Task details >> The answer should reproduce every entry exactly and contain no images.

______

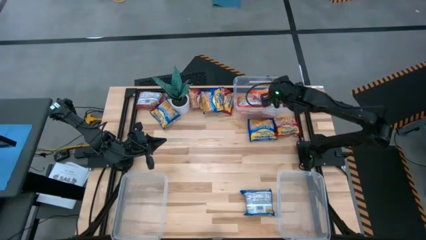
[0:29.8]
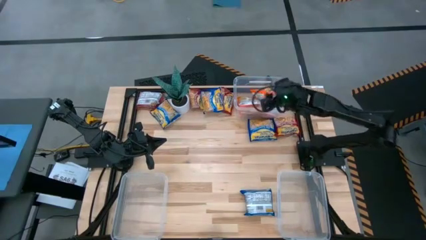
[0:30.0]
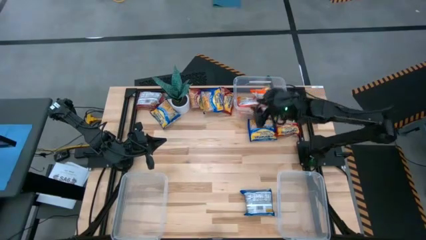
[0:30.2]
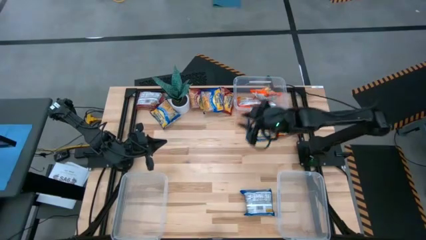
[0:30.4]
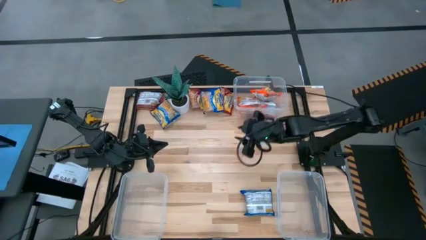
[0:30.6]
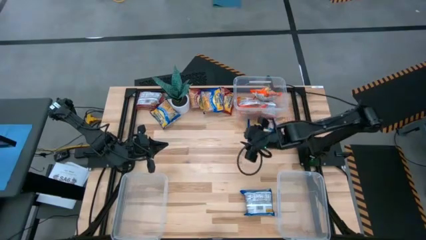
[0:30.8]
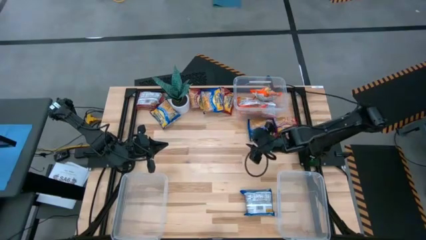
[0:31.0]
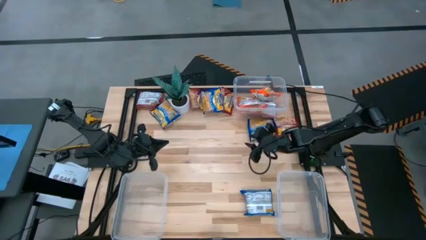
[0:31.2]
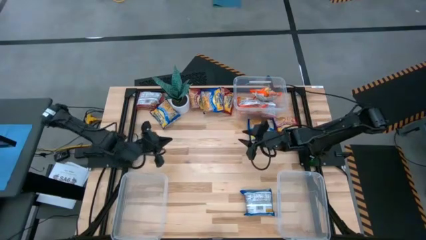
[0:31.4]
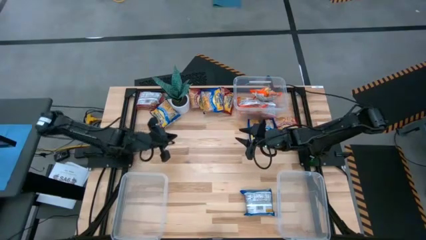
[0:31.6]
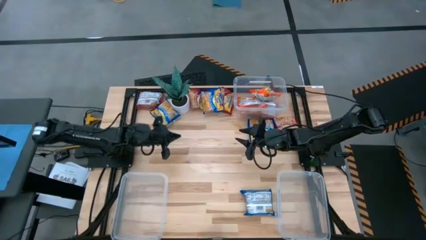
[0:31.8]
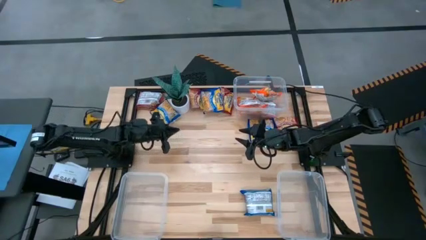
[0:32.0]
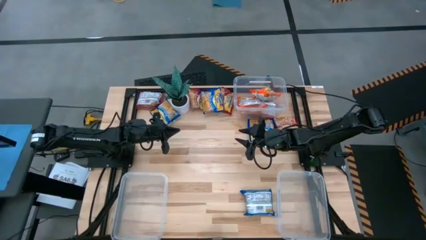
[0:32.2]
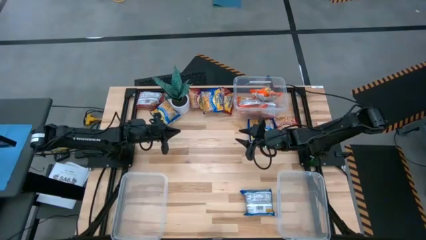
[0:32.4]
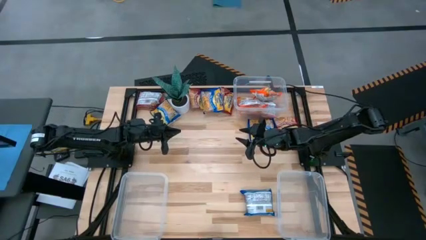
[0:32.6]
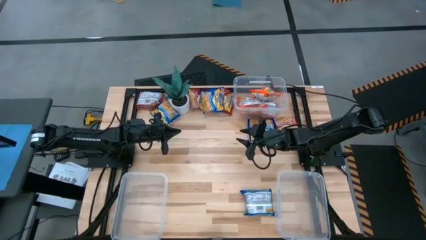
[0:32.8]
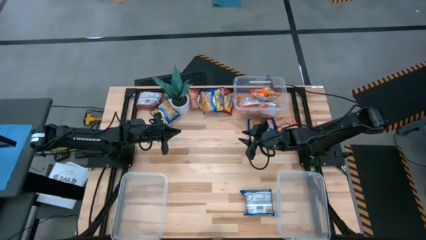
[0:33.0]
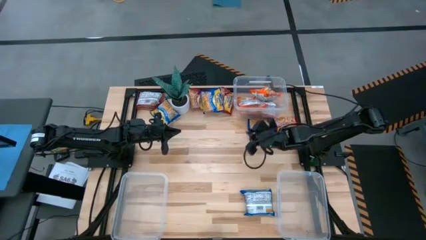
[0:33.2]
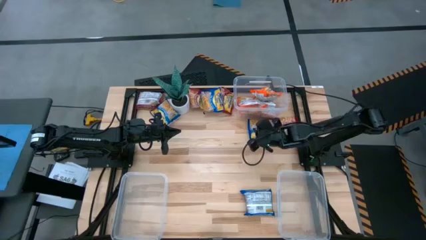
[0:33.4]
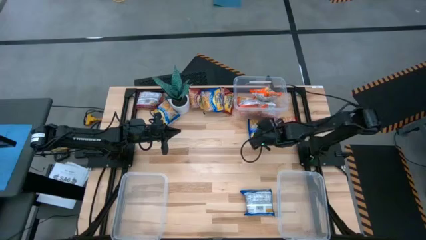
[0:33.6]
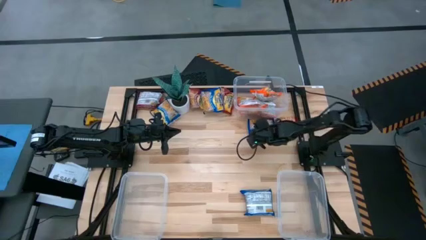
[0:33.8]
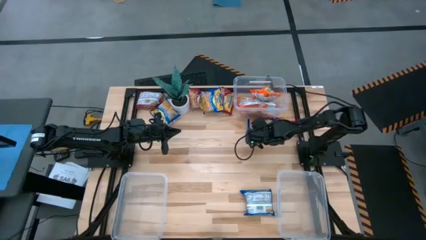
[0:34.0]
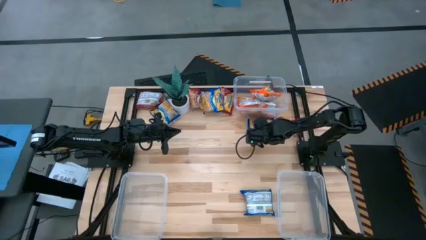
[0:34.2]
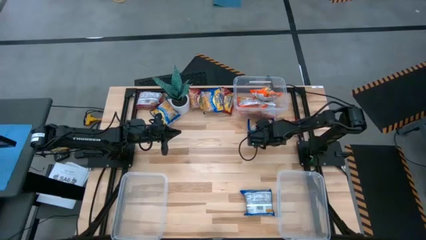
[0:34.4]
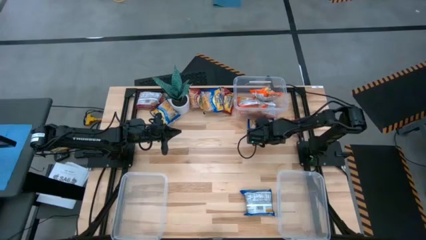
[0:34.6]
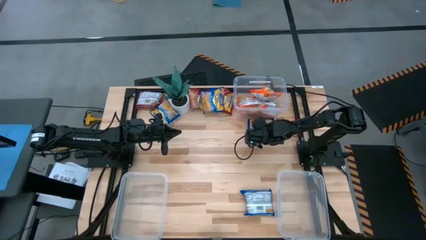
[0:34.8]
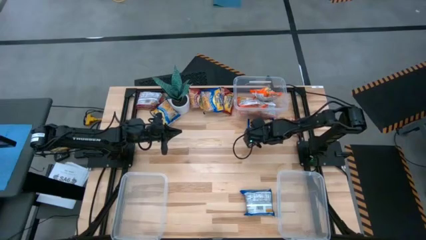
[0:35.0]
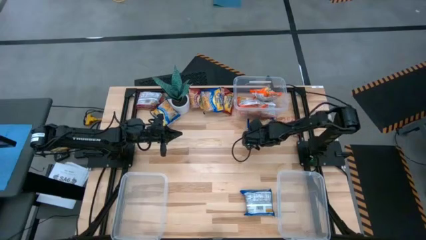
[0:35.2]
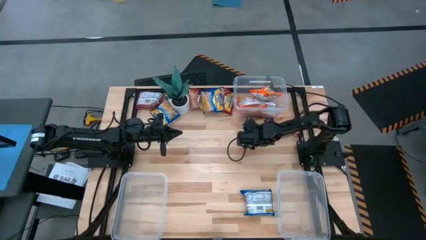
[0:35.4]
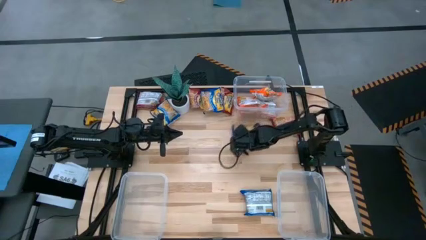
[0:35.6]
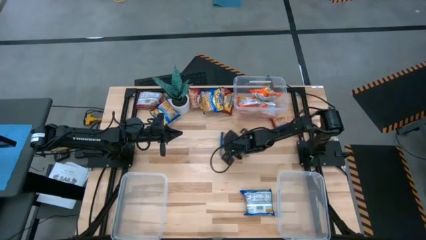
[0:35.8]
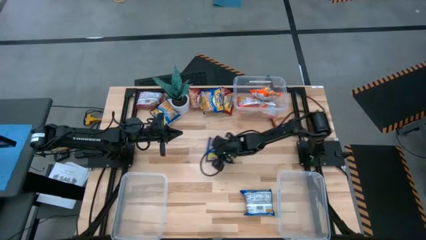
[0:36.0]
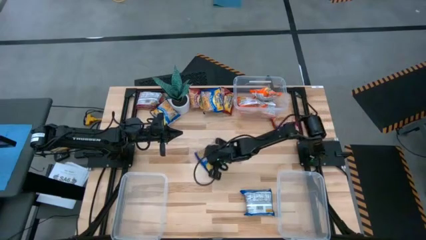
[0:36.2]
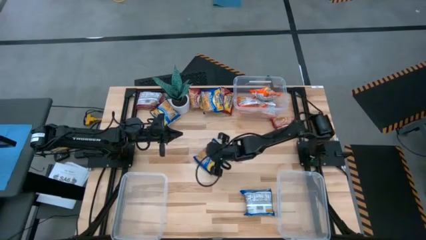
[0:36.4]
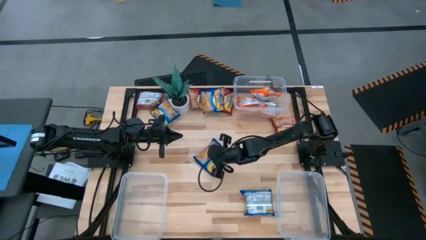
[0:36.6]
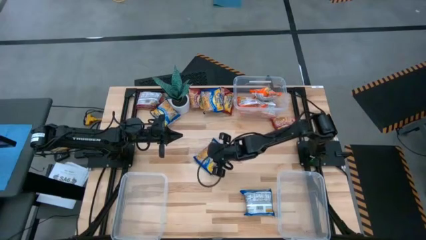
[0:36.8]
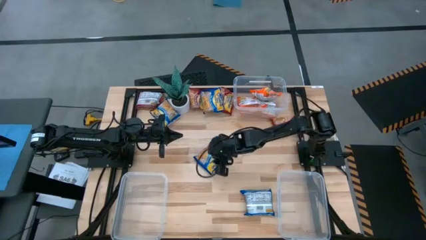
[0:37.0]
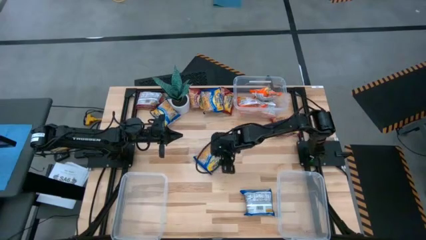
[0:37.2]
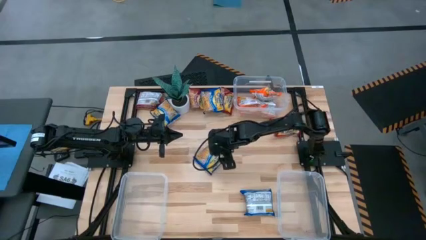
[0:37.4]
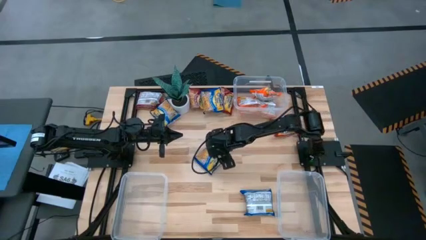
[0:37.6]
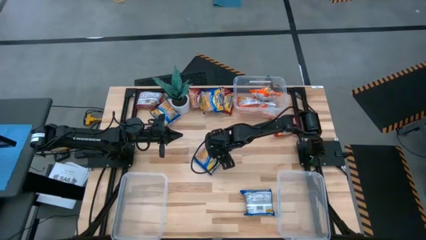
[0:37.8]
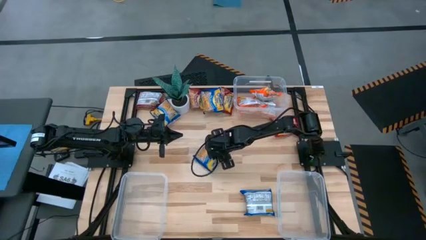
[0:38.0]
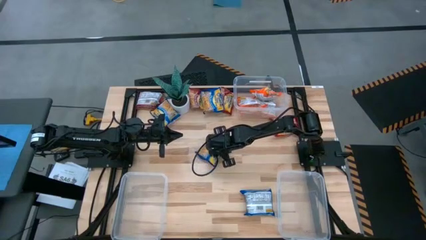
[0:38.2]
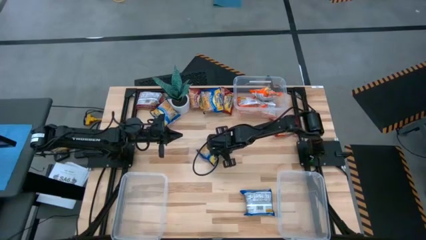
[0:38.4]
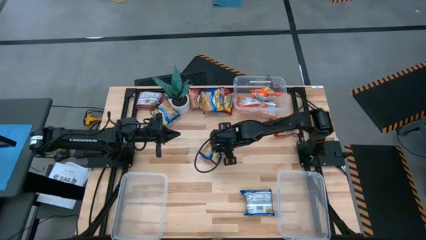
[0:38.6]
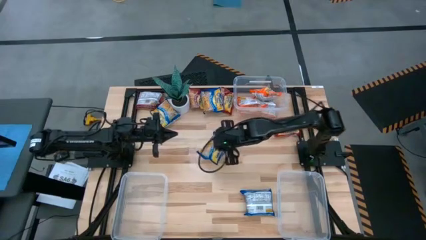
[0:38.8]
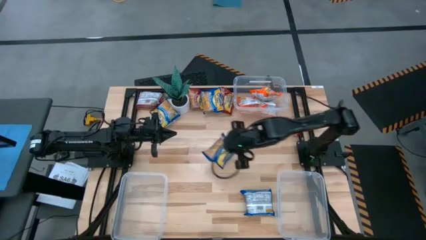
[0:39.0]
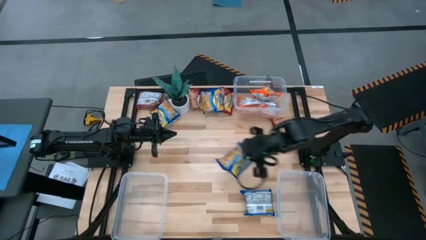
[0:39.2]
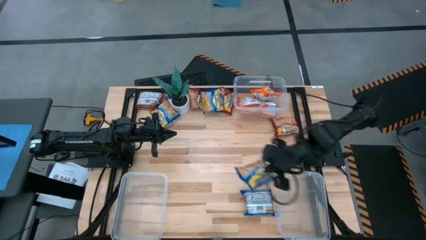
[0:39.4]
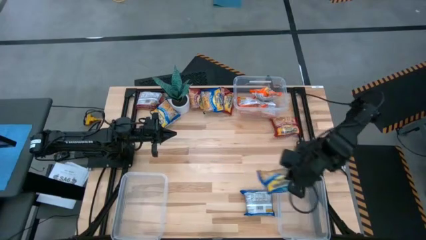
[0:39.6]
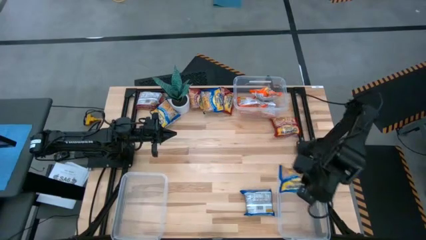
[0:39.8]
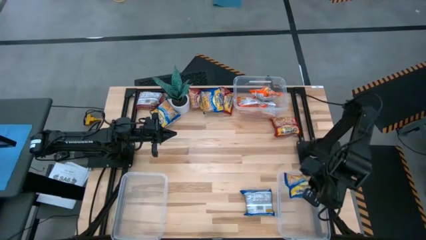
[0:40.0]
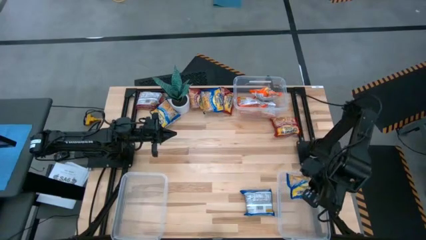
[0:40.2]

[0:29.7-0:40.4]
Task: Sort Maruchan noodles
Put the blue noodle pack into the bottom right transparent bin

______

Answer box >>
[0:29.8]
[0:30.0]
[0:30.2]
[0:30.4]
[0:30.6]
[0:30.8]
[0:31.0]
[0:31.2]
[0:31.4]
[0:31.6]
[0:31.8]
[0:32.0]
[0:32.2]
[0:32.4]
[0:32.6]
[0:32.8]
[0:33.0]
[0:33.2]
[0:33.4]
[0:33.6]
[0:33.8]
[0:34.0]
[0:34.2]
[0:34.4]
[0:34.6]
[0:34.8]
[0:35.0]
[0:35.2]
[0:35.4]
[0:35.6]
[0:35.8]
[0:36.0]
[0:36.2]
[0:36.4]
[0:36.6]
[0:36.8]
[0:37.0]
[0:37.2]
[0:37.4]
[0:37.6]
[0:37.8]
[0:38.0]
[0:38.2]
[0:38.4]
[0:38.6]
[0:38.8]
[0:39.0]
[0:39.2]
[0:39.4]
[0:39.6]
[0:39.8]
[0:40.0]
[0:40.2]

[0:29.7-0:40.4]
Task: Sort Maruchan noodles
Put the blue noodle pack into the bottom right transparent bin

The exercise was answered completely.